Data to process Start Marker
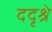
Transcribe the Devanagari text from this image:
ददृश्रे
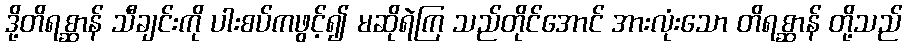
ဒို့တိရစ္ဆာန် သီချင်းကို ပါးစပ်ကဖွင့်၍ မဆိုရဲကြ သည်တိုင်အောင် အားလုံးသော တိရစ္ဆာန် တို့သည်
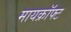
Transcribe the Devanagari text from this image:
मायक्राॅफ्ट
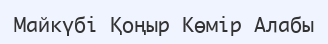
Майкүбі Қоңыр Көмір Алабы
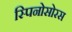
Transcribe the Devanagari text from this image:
स्‍पिनोसोरस
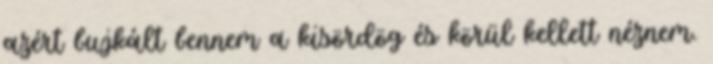
azért bujkált bennem a kisördög és körül kellett néznem.
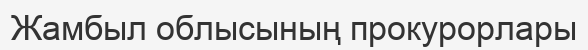
Жамбыл облысының прокурорлары
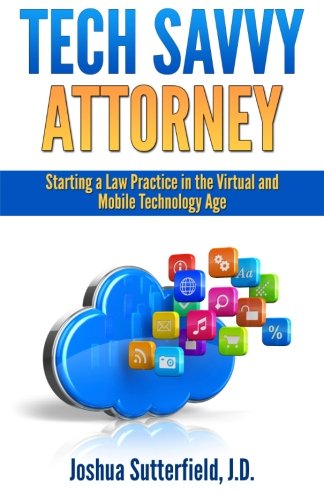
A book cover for Tech Savvy Attorney: Starting a Law Practice in the Virtual and Mobile Technology Age; Joshua Sutterfield; Law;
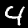
Digit: 4
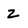
Character: Z
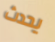
يحدث
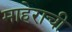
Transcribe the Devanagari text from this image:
माहेराची
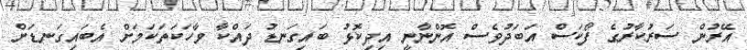
އޭރުން ސަރުކާރުގެ ފޯކަސް އަބަދުވެސް އޮންނާނީ އިދިކޮޅު ބައިގަނޑު ދައްކާ ވާހަކަތަކަމަށް އެބައިގަނޑަށް
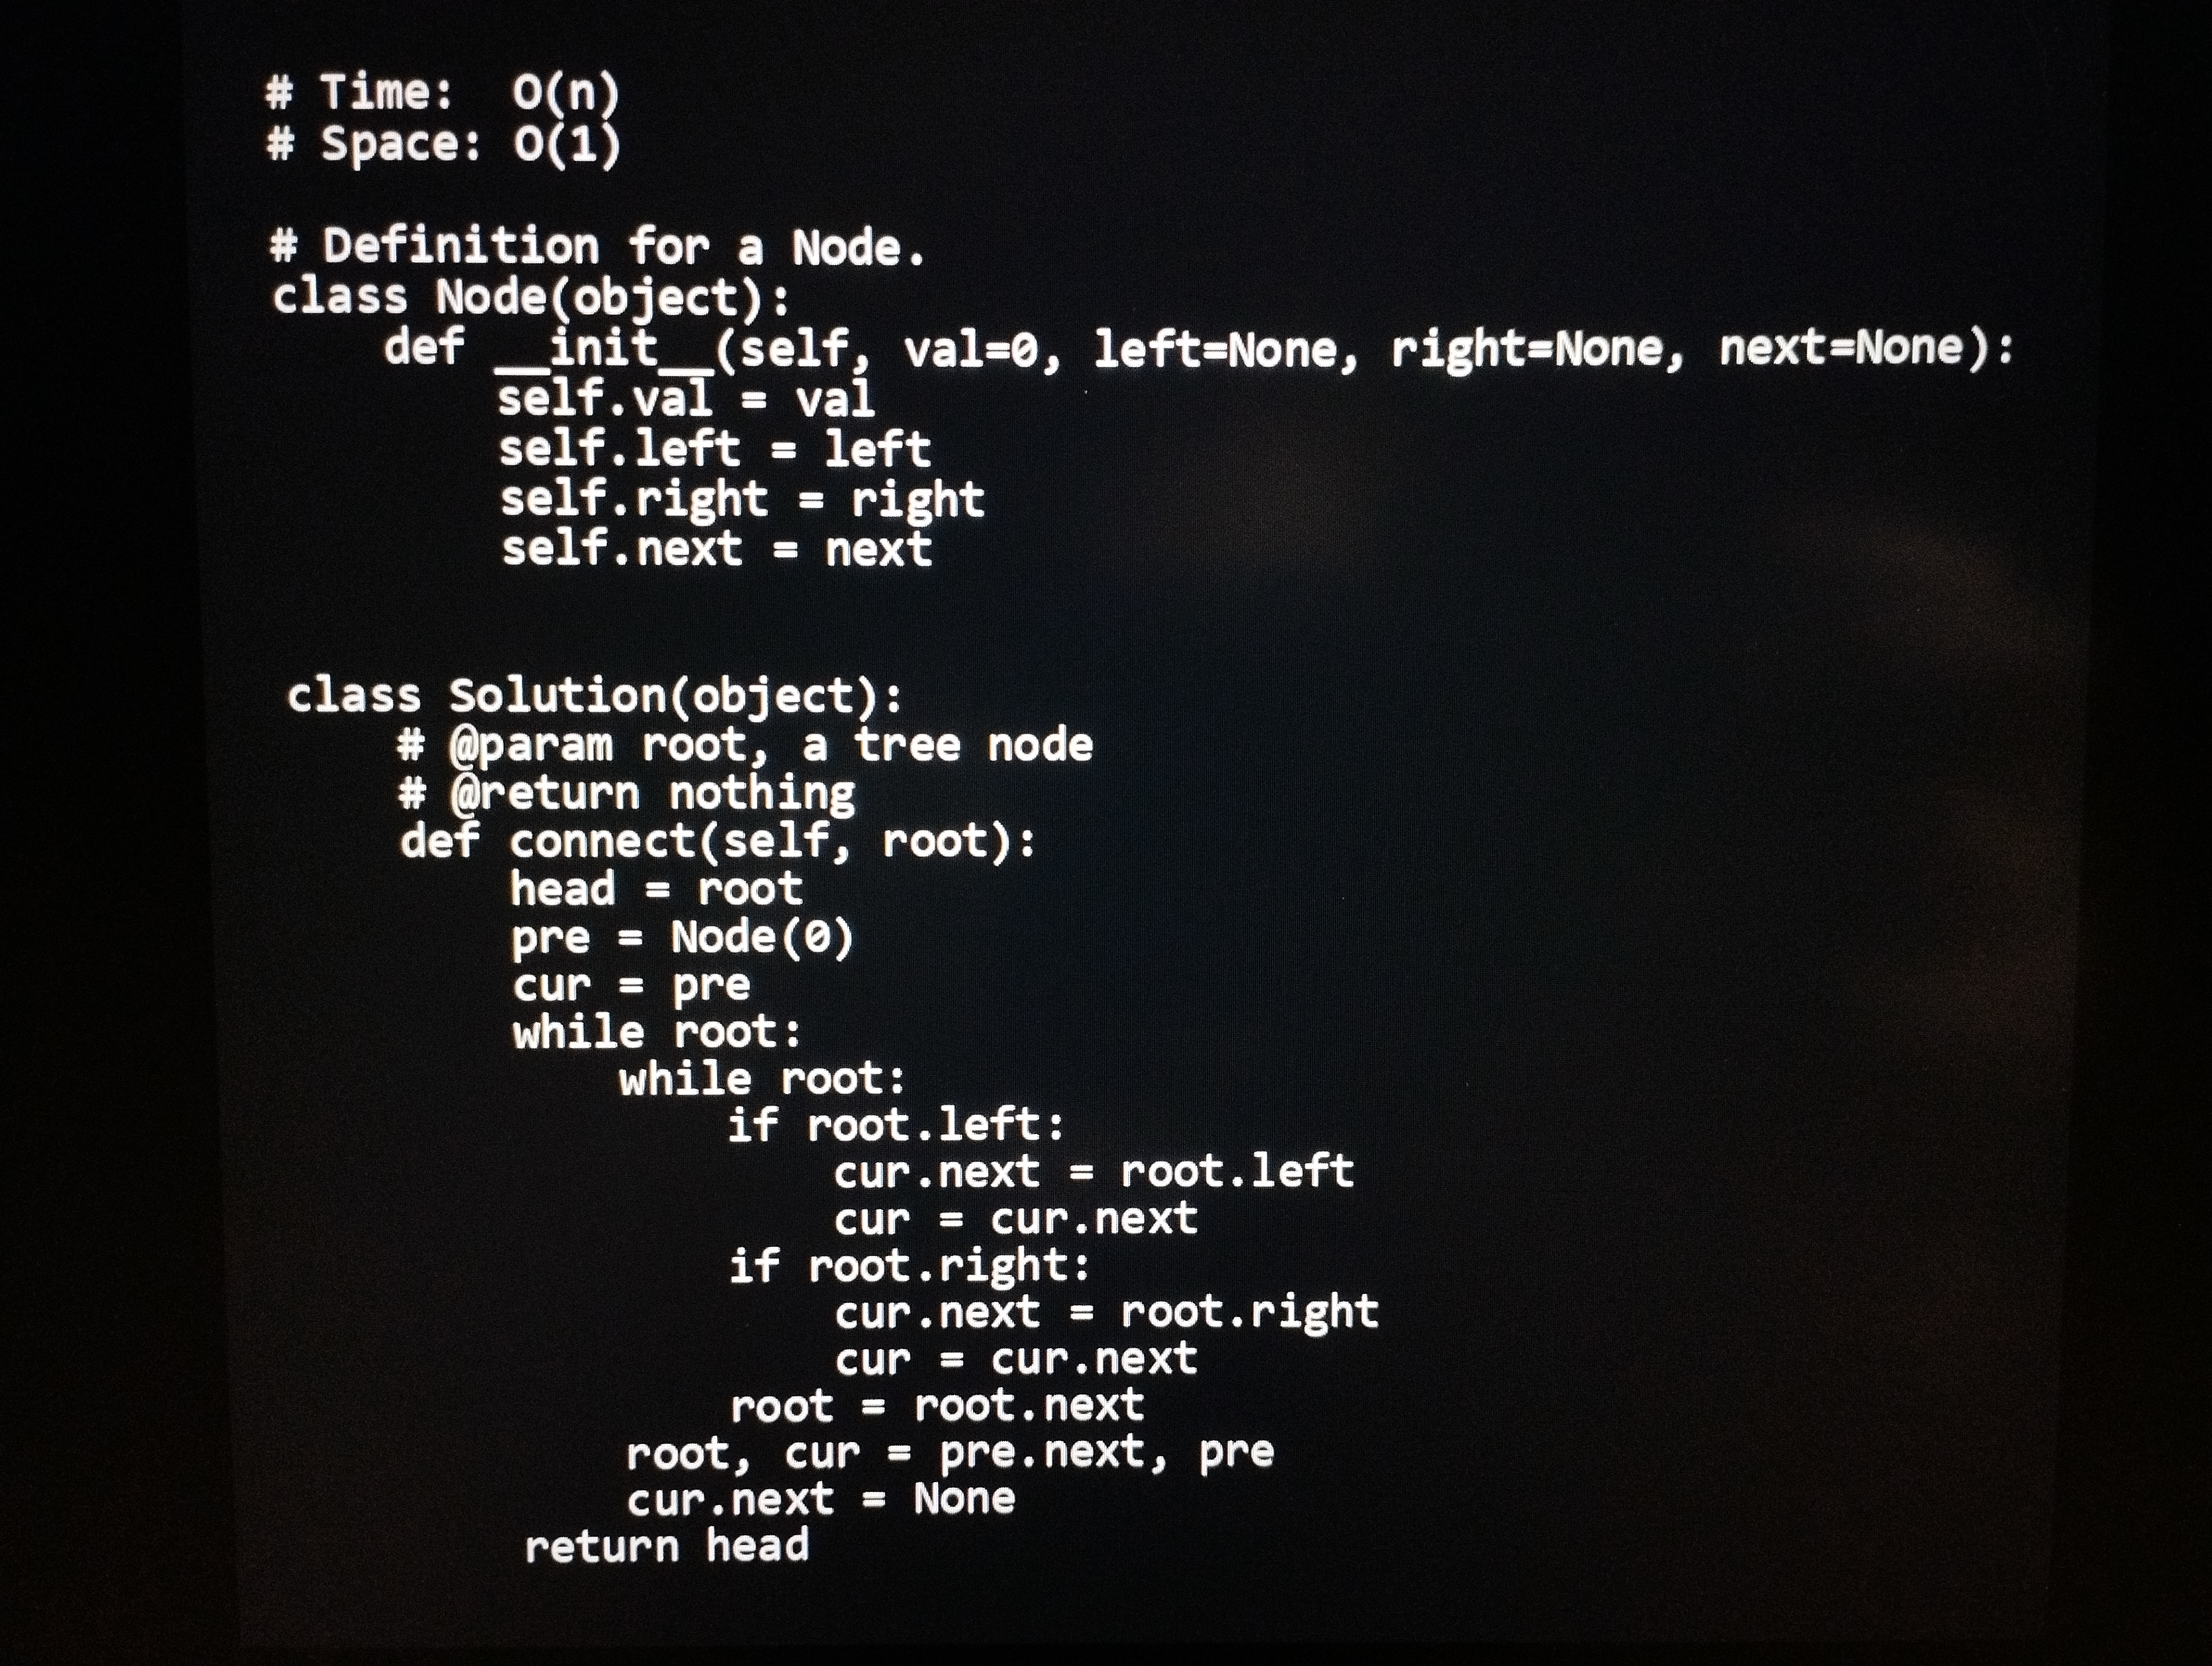
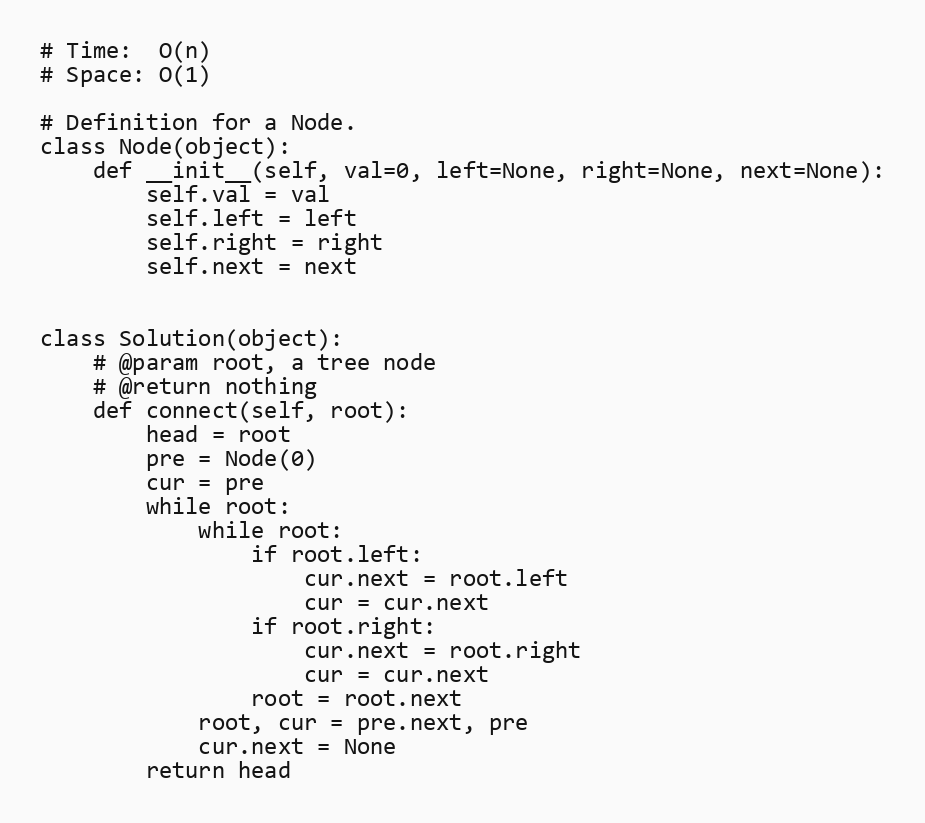
# Time:  O(n)
# Space: O(1)

# Definition for a Node.
class Node(object):
    def __init__(self, val=0, left=None, right=None, next=None):
        self.val = val
        self.left = left
        self.right = right
        self.next = next

class Solution(object):
    # @param root, a tree node
    # @return nothing
    def connect(self, root):
        head = root
        pre = Node(0)
        cur = pre
        while root:
            while root:
                if root.left:
                    cur.next = root.left
                    cur = cur.next
                if root.right:
                    cur.next = root.right
                    cur = cur.next
                root = root.next
            root, cur = pre.next, pre
            cur.next = None
        return head
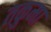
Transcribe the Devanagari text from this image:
तकुमा
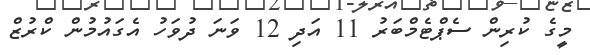
މީގެ ކުރިން ސެޕްޓެމްބަރު 11 އަދި 12 ވަނަ ދުވަހު އެގައުމުން ކްރުޒް
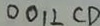
0 0 1 \bot C D
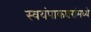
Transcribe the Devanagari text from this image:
स्वयंपाकघरांमध्ये
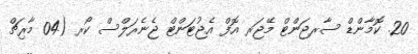
20. ކޮމާންޑް ސާރޖަންޓް މޭޖަރ އޮފް އެޖުޓަންޓް ޖެނެރަލްސް ކޯރ (04 މާރިޗް
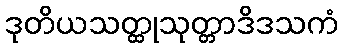
ဒုတိယသတ္ထုသုတ္တာဒိဒသကံ
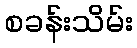
စခန်းသိမ်း
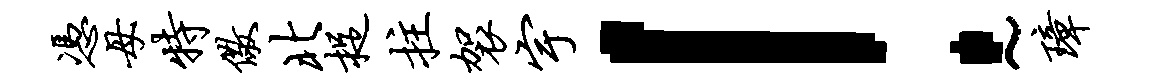
凭母特儆北捉拄袈宇！~璋
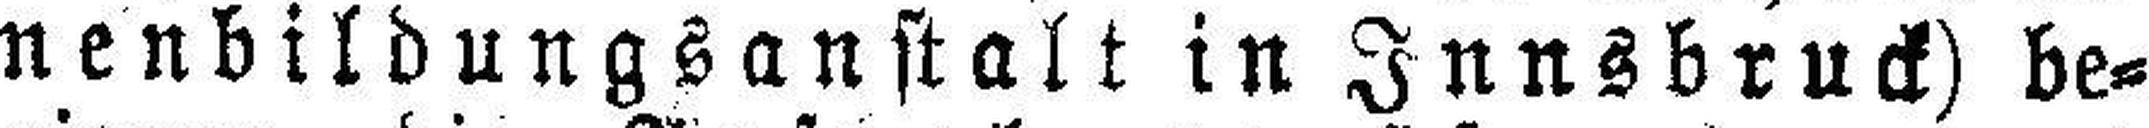
nenbildungsanstalt in Innsbruck) be¬
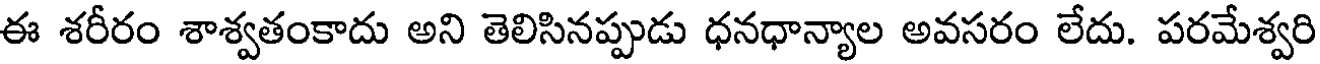
ఈ శరీరం శాశ్వతంకాదు అని తెలిసినప్పుడు ధనధాన్యాల అవసరం లేదు. పరమేశ్వరి
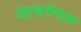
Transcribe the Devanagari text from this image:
जेर्क्सेक्स
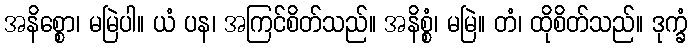
အနိစ္စော၊ မမြဲပါ။ ယံ ပန၊ အကြင်စိတ်သည်။ အနိစ္စံ၊ မမြဲ။ တံ၊ ထိုစိတ်သည်။ ဒုက္ခံ
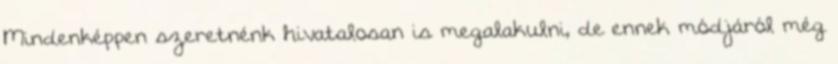
Mindenképpen szeretnénk hivatalosan is megalakulni, de ennek módjáról még
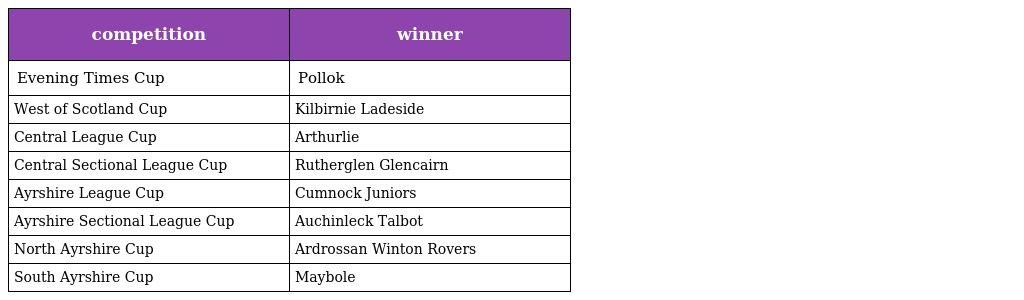
| competition | winner |
 | --- | --- |
 | Evening Times Cup | Pollok |
 | West of Scotland Cup | Kilbirnie Ladeside |
 | Central League Cup | Arthurlie |
 | Central Sectional League Cup | Rutherglen Glencairn |
 | Ayrshire League Cup | Cumnock Juniors |
 | Ayrshire Sectional League Cup | Auchinleck Talbot |
 | North Ayrshire Cup | Ardrossan Winton Rovers |
 | South Ayrshire Cup | Maybole |
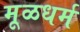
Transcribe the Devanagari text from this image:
मूळधर्म
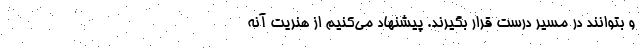
و بتوانند در مسیر درست قرار بگیرند. پیشنهاد می‌کنیم از هنریت آنه
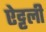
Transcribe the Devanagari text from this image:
ऐट्टली
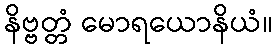
နိဗ္ဗတ္တံ မောရယောနိယံ။
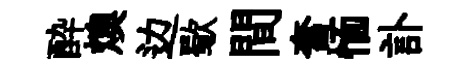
Data to process End Marker
Repeat the records in full and exactly, leaving every picture out.

Transcribe the Devanagari text from this image:
ददृश्रे
ဒို့တိရစ္ဆာန် သီချင်းကို ပါးစပ်ကဖွင့်၍ မဆိုရဲကြ သည်တိုင်အောင် အားလုံးသော တိရစ္ဆာန် တို့သည်
Transcribe the Devanagari text from this image:
मायक्राॅफ्ट
Майкүбі Қоңыр Көмір Алабы
Transcribe the Devanagari text from this image:
स्‍पिनोसोरस
azért bujkált bennem a kisördög és körül kellett néznem.
Жамбыл облысының прокурорлары
A book cover for Tech Savvy Attorney: Starting a Law Practice in the Virtual and Mobile Technology Age; Joshua Sutterfield; Law;
Digit: 4
Character: Z
يحدث
Transcribe the Devanagari text from this image:
माहेराची
އޭރުން ސަރުކާރުގެ ފޯކަސް އަބަދުވެސް އޮންނާނީ އިދިކޮޅު ބައިގަނޑު ދައްކާ ވާހަކަތަކަމަށް އެބައިގަނޑަށް
# Time:  O(n)
# Space: O(1)

# Definition for a Node.
class Node(object):
    def __init__(self, val=0, left=None, right=None, next=None):
        self.val = val
        self.left = left
        self.right = right
        self.next = next

class Solution(object):
    # @param root, a tree node
    # @return nothing
    def connect(self, root):
        head = root
        pre = Node(0)
        cur = pre
        while root:
            while root:
                if root.left:
                    cur.next = root.left
                    cur = cur.next
                if root.right:
                    cur.next = root.right
                    cur = cur.next
                root = root.next
            root, cur = pre.next, pre
            cur.next = None
        return head
Transcribe the Devanagari text from this image:
तकुमा
މީގެ ކުރިން ސެޕްޓެމްބަރު 11 އަދި 12 ވަނަ ދުވަހު އެގައުމުން ކްރުޒް
0 0 1 \bot C D
Transcribe the Devanagari text from this image:
स्वयंपाकघरांमध्ये
20. ކޮމާންޑް ސާރޖަންޓް މޭޖަރ އޮފް އެޖުޓަންޓް ޖެނެރަލްސް ކޯރ (04 މާރިޗް
ဒုတိယသတ္ထုသုတ္တာဒိဒသကံ
စခန်းသိမ်း
凭母特儆北捉拄袈宇！~璋
nenbildungsanstalt in Innsbruck) be¬
ఈ శరీరం శాశ్వతంకాదు అని తెలిసినప్పుడు ధనధాన్యాల అవసరం లేదు. పరమేశ్వరి
Transcribe the Devanagari text from this image:
जेर्क्सेक्स
အနိစ္စော၊ မမြဲပါ။ ယံ ပန၊ အကြင်စိတ်သည်။ အနိစ္စံ၊ မမြဲ။ တံ၊ ထိုစိတ်သည်။ ဒုက္ခံ
Mindenképpen szeretnénk hivatalosan is megalakulni, de ennek módjáról még
| competition | winner |
 | --- | --- |
 | Evening Times Cup | Pollok |
 | West of Scotland Cup | Kilbirnie Ladeside |
 | Central League Cup | Arthurlie |
 | Central Sectional League Cup | Rutherglen Glencairn |
 | Ayrshire League Cup | Cumnock Juniors |
 | Ayrshire Sectional League Cup | Auchinleck Talbot |
 | North Ayrshire Cup | Ardrossan Winton Rovers |
 | South Ayrshire Cup | Maybole |
Transcribe the Devanagari text from this image:
मूळधर्म
و بتوانند در مسیر درست قرار بگیرند. پیشنهاد می‌کنیم از هنریت آنه
Transcribe the Devanagari text from this image:
ऐट्टली
နိဗ္ဗတ္တံ မောရယောနိယံ။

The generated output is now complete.